→ Activity
Write out, word for word and with no pictures, each line below from the one containing "Image type: radiology (x_ray)" through the one containing "An aerial image. It shows: Residential", both included, and no other line.

*** Opening Dataset records ***

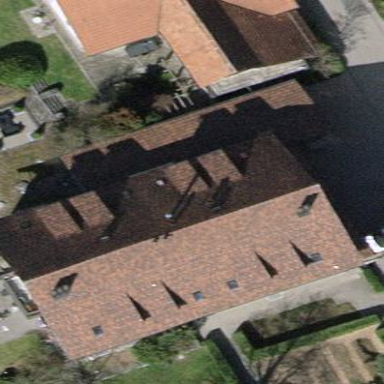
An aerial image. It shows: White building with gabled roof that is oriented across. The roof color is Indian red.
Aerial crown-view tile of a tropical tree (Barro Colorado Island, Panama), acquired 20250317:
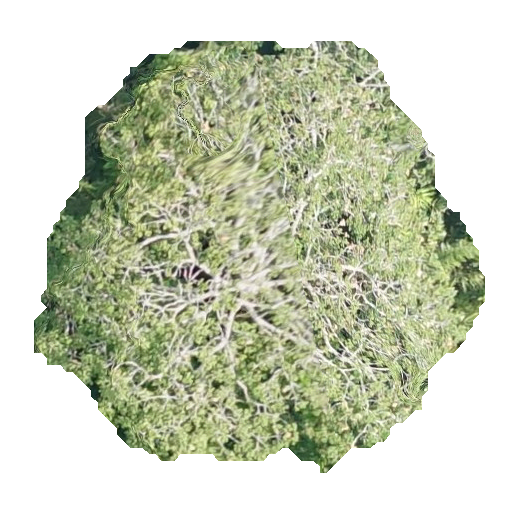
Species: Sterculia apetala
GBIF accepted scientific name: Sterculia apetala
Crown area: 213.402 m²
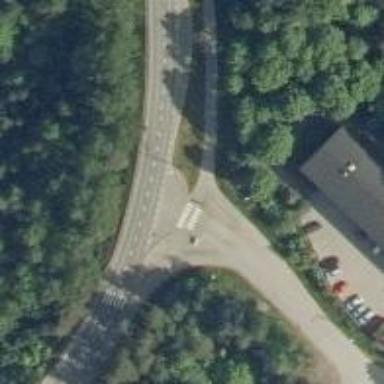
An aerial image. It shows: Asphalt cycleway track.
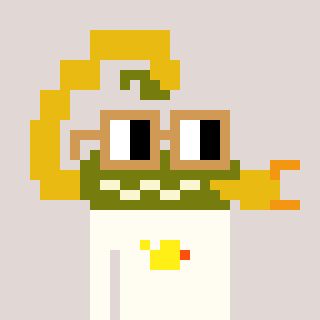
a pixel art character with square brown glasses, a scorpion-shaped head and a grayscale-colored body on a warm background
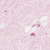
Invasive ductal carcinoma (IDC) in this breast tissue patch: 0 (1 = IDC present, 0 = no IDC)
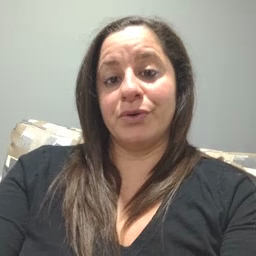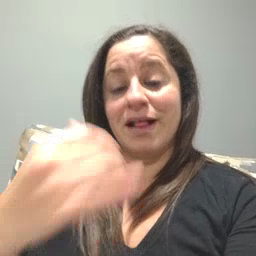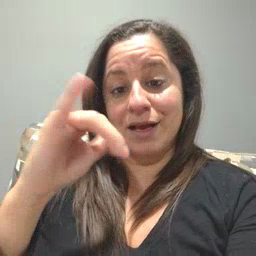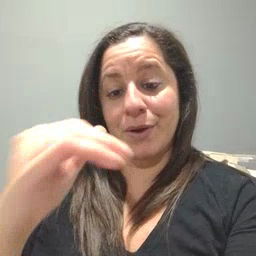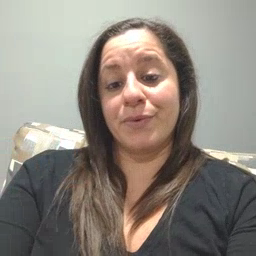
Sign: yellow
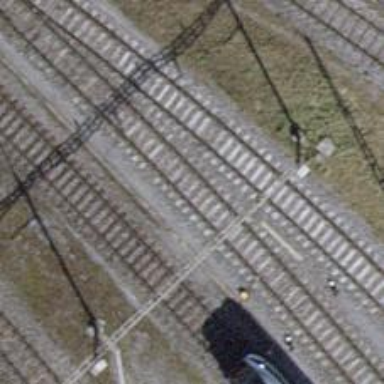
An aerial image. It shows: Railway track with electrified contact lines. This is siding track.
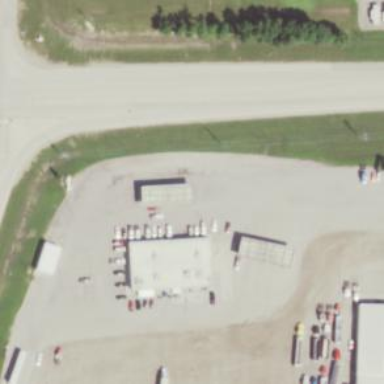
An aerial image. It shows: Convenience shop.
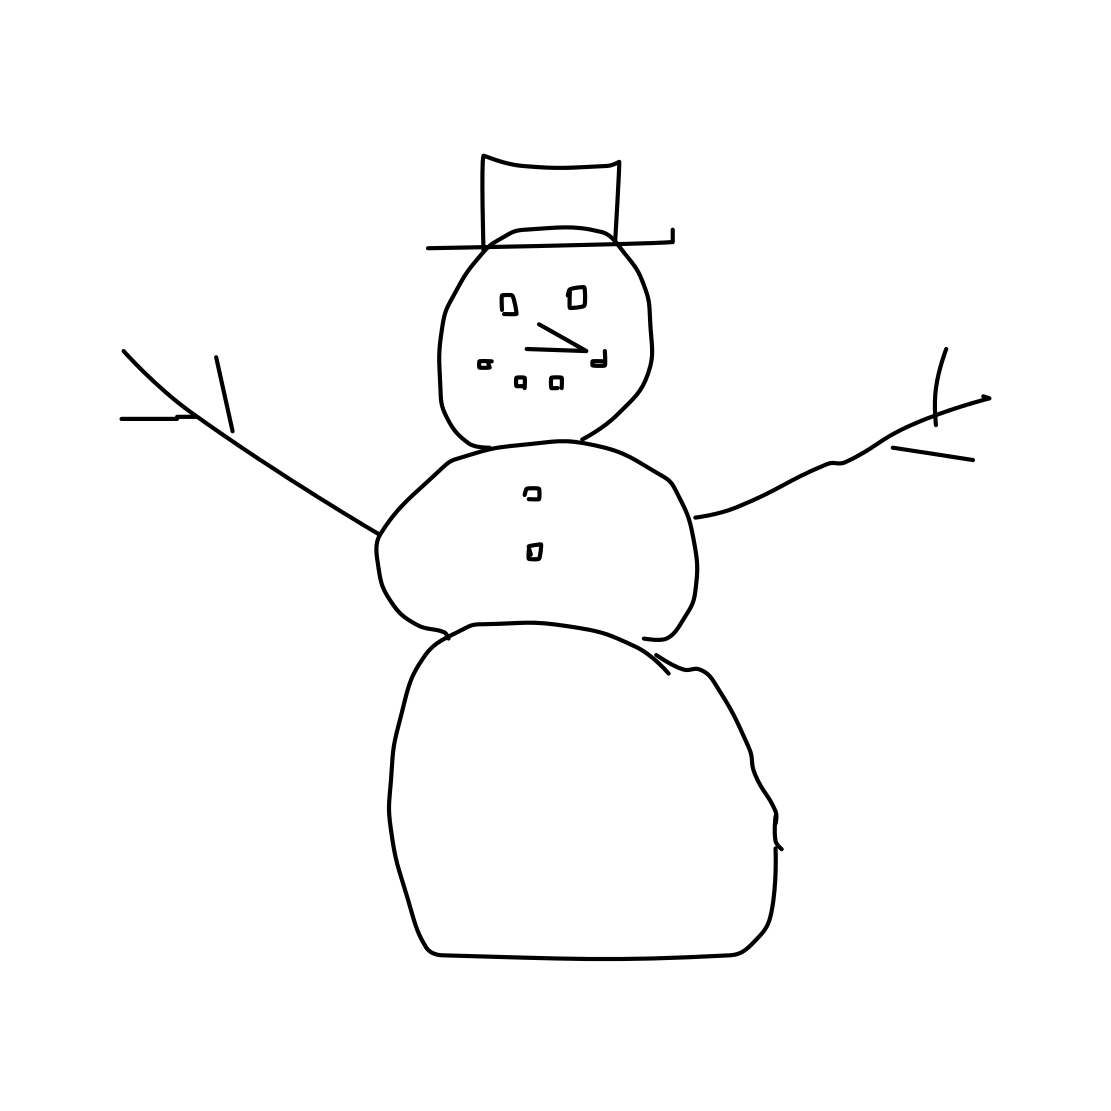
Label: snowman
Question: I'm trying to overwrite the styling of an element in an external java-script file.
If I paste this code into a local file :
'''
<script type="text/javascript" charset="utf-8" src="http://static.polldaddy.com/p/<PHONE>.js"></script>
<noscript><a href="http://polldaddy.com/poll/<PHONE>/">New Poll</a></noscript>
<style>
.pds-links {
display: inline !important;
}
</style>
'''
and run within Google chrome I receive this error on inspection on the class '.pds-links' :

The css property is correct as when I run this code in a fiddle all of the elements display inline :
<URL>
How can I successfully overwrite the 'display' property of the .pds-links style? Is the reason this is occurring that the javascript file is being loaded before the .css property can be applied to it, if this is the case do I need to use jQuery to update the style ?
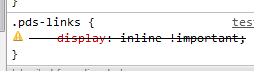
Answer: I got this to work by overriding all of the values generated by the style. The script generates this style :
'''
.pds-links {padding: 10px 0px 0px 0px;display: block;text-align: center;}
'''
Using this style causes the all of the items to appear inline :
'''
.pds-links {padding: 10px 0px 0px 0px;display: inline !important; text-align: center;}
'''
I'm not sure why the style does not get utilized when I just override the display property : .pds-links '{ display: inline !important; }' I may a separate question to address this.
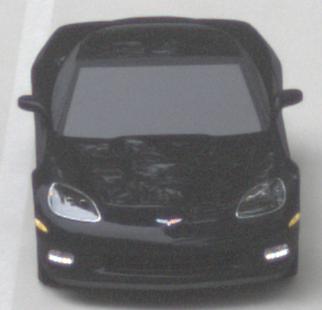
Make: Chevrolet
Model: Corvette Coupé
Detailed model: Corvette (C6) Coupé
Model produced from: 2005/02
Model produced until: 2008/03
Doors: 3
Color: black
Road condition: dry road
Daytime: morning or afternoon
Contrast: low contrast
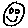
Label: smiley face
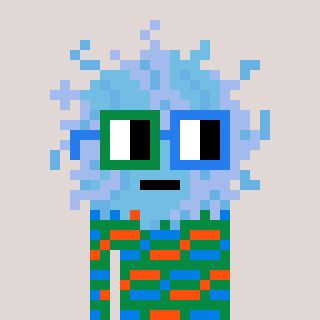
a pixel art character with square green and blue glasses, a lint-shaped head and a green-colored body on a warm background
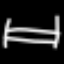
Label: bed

*** Closing Dataset records ***
*** Opening Dataset records ***

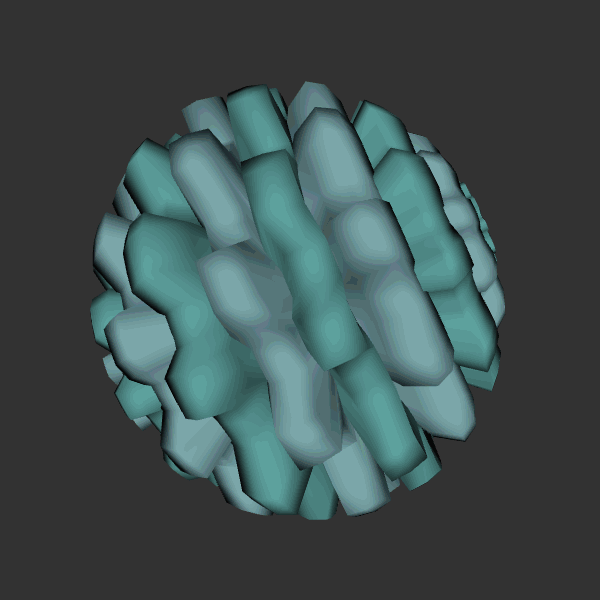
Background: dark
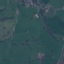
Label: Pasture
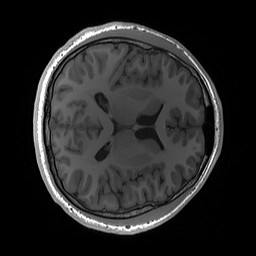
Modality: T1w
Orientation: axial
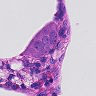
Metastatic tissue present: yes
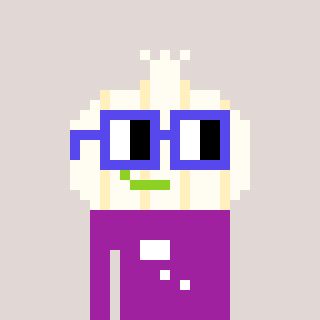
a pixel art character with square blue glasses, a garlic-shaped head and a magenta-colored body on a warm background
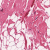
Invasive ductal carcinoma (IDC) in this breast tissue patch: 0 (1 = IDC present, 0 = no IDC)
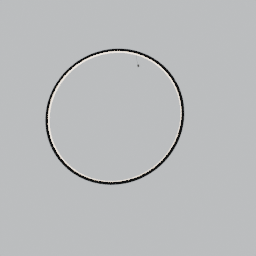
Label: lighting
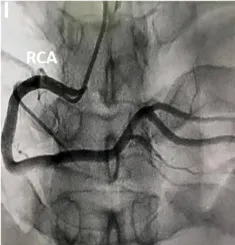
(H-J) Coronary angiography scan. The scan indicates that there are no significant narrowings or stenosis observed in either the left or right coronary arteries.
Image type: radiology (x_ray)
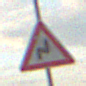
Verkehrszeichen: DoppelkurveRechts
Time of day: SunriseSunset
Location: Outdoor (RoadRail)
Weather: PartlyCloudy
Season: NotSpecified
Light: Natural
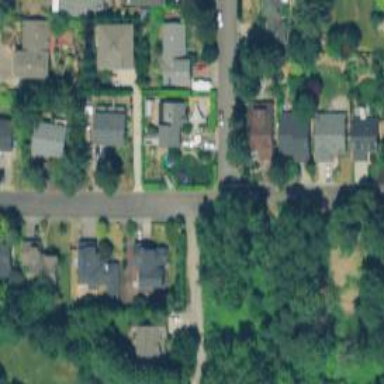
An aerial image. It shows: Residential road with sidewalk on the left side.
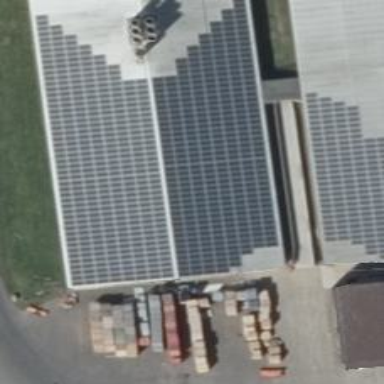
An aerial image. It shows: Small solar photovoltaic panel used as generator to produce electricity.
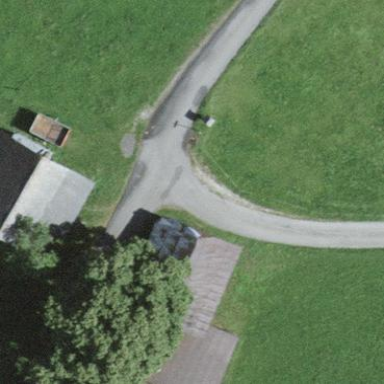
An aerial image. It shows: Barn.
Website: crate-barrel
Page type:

*** Closing Dataset records ***

→ Reply
Image type: radiology (x_ray)
Verkehrszeichen: DoppelkurveRechts
Time of day: SunriseSunset
Location: Outdoor (RoadRail)
Weather: PartlyCloudy
Season: NotSpecified
Light: Natural
An aerial image. It shows: Residential road with sidewalk on the left side.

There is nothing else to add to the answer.